▸ **PROBLEM**
Please reproduce all entries word for word and omit their pictures.

Dataset records
···

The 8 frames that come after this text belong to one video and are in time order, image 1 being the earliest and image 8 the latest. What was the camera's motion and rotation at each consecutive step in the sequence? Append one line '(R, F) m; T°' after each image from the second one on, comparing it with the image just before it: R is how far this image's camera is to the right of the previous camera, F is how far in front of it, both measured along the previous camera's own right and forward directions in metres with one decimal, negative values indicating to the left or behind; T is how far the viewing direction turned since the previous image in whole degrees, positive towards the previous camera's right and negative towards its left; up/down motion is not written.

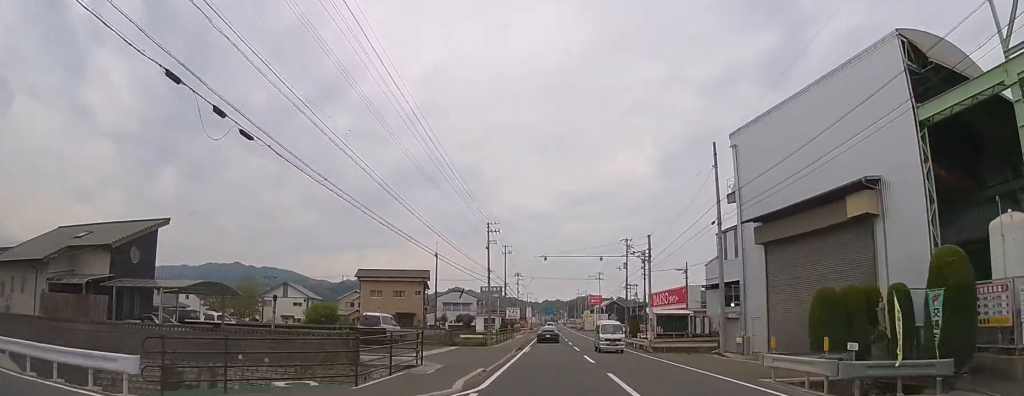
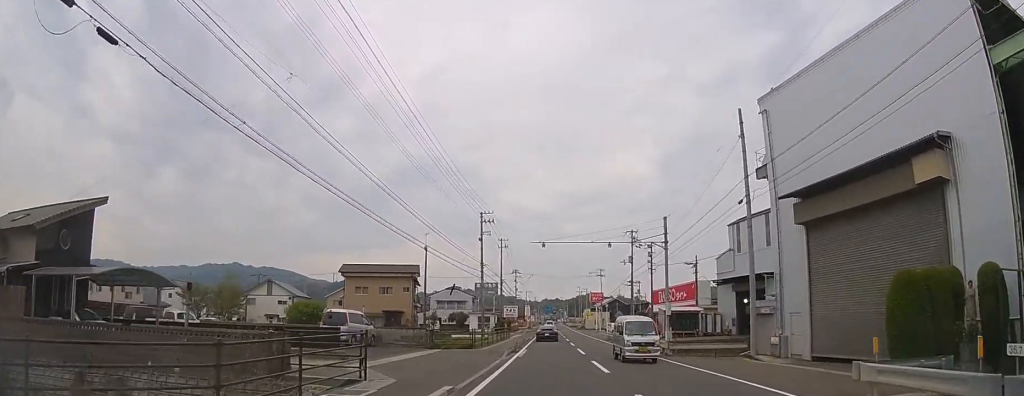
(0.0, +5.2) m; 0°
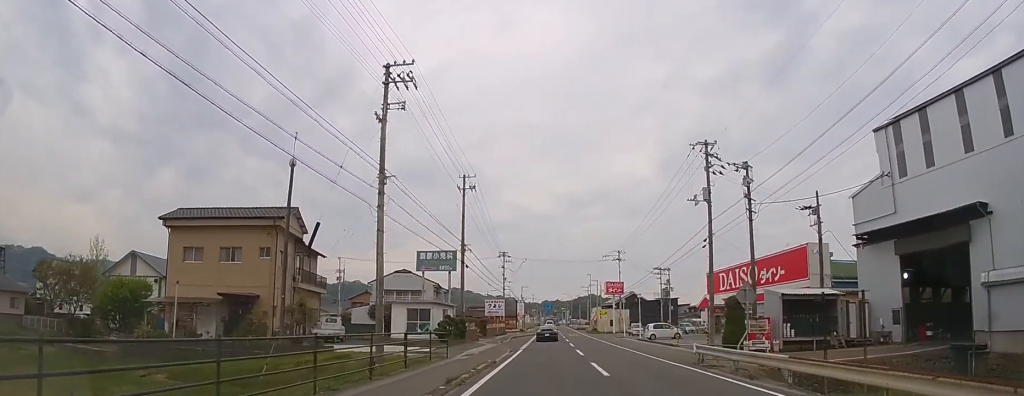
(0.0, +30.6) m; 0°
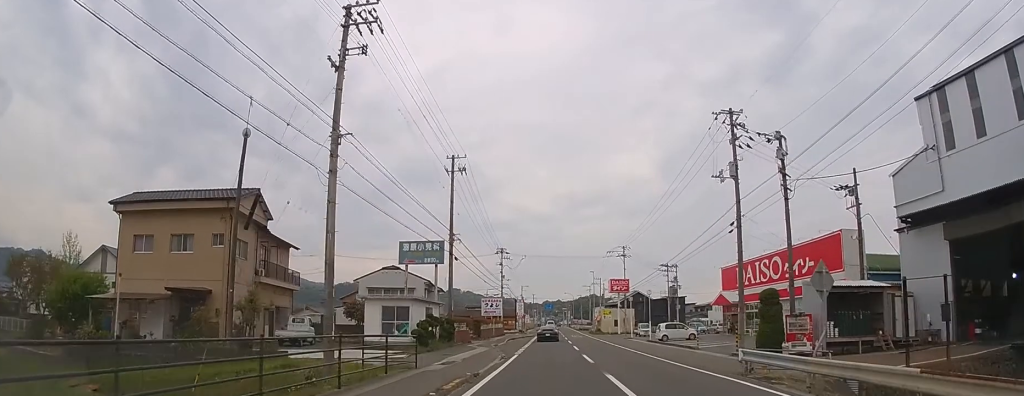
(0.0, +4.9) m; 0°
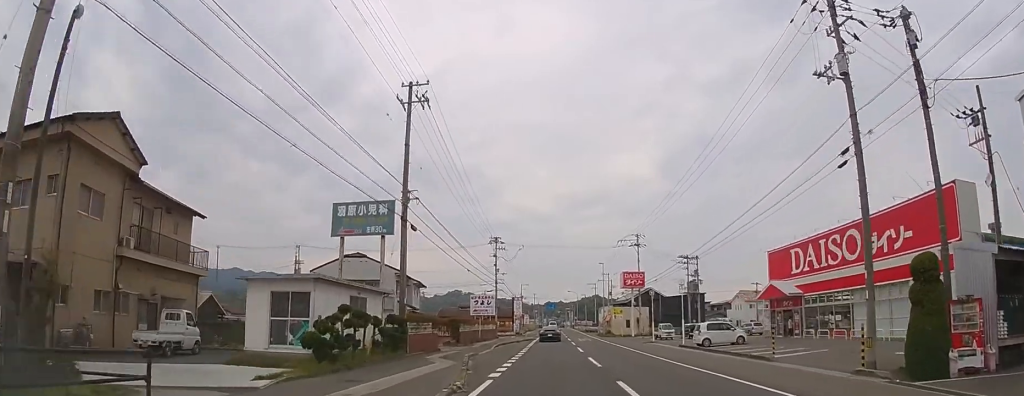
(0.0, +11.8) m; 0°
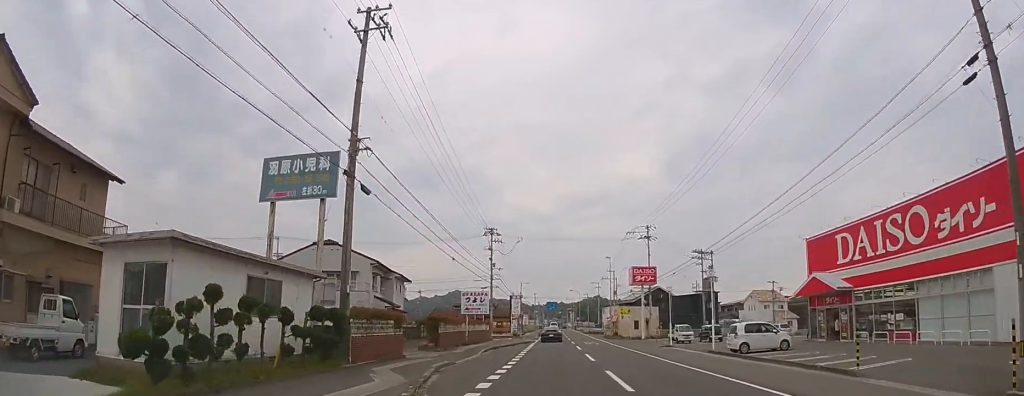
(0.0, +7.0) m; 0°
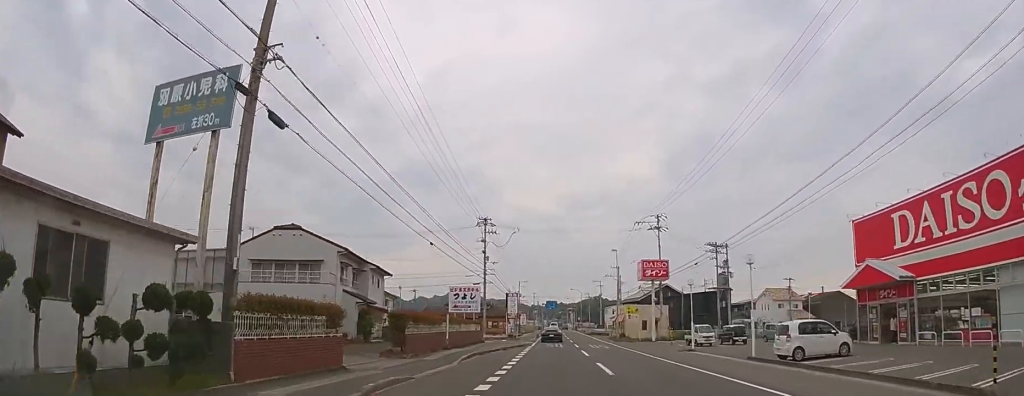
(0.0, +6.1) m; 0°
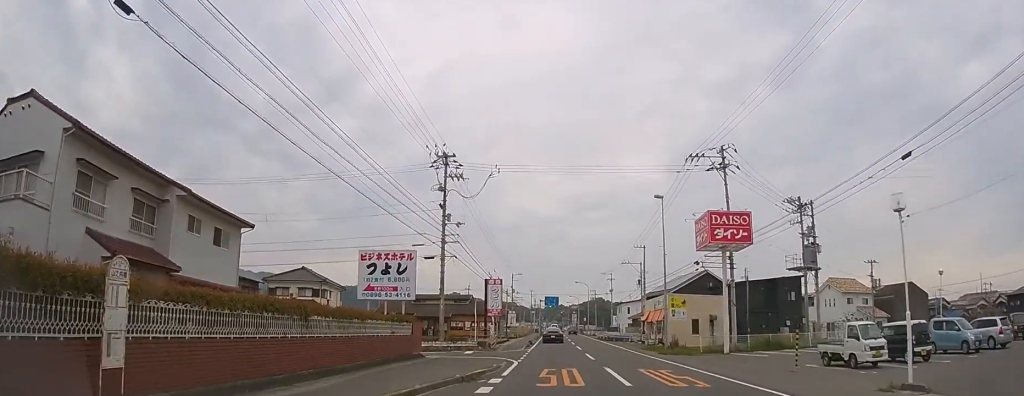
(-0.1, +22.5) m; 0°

···

▸ **WRITTEN RESPONSE**
The 8 frames that come after this text belong to one video and are in time order, image 1 being the earliest and image 8 the latest. What was the camera's motion and rotation at each consecutive step in the sequence? Append one line '(R, F) m; T°' after each image from the second one on, comparing it with the image just before it: R is how far this image's camera is to the right of the previous camera, F is how far in front of it, both measured along the previous camera's own right and forward directions in metres with one decimal, negative values indicating to the left or behind; T is how far the viewing direction turned since the previous image in whole degrees, positive towards the previous camera's right and negative towards its left; up/down motion is not written.

(0.0, +5.2) m; 0°
(0.0, +30.6) m; 0°
(0.0, +4.9) m; 0°
(0.0, +11.8) m; 0°
(0.0, +7.0) m; 0°
(0.0, +6.1) m; 0°
(-0.1, +22.5) m; 0°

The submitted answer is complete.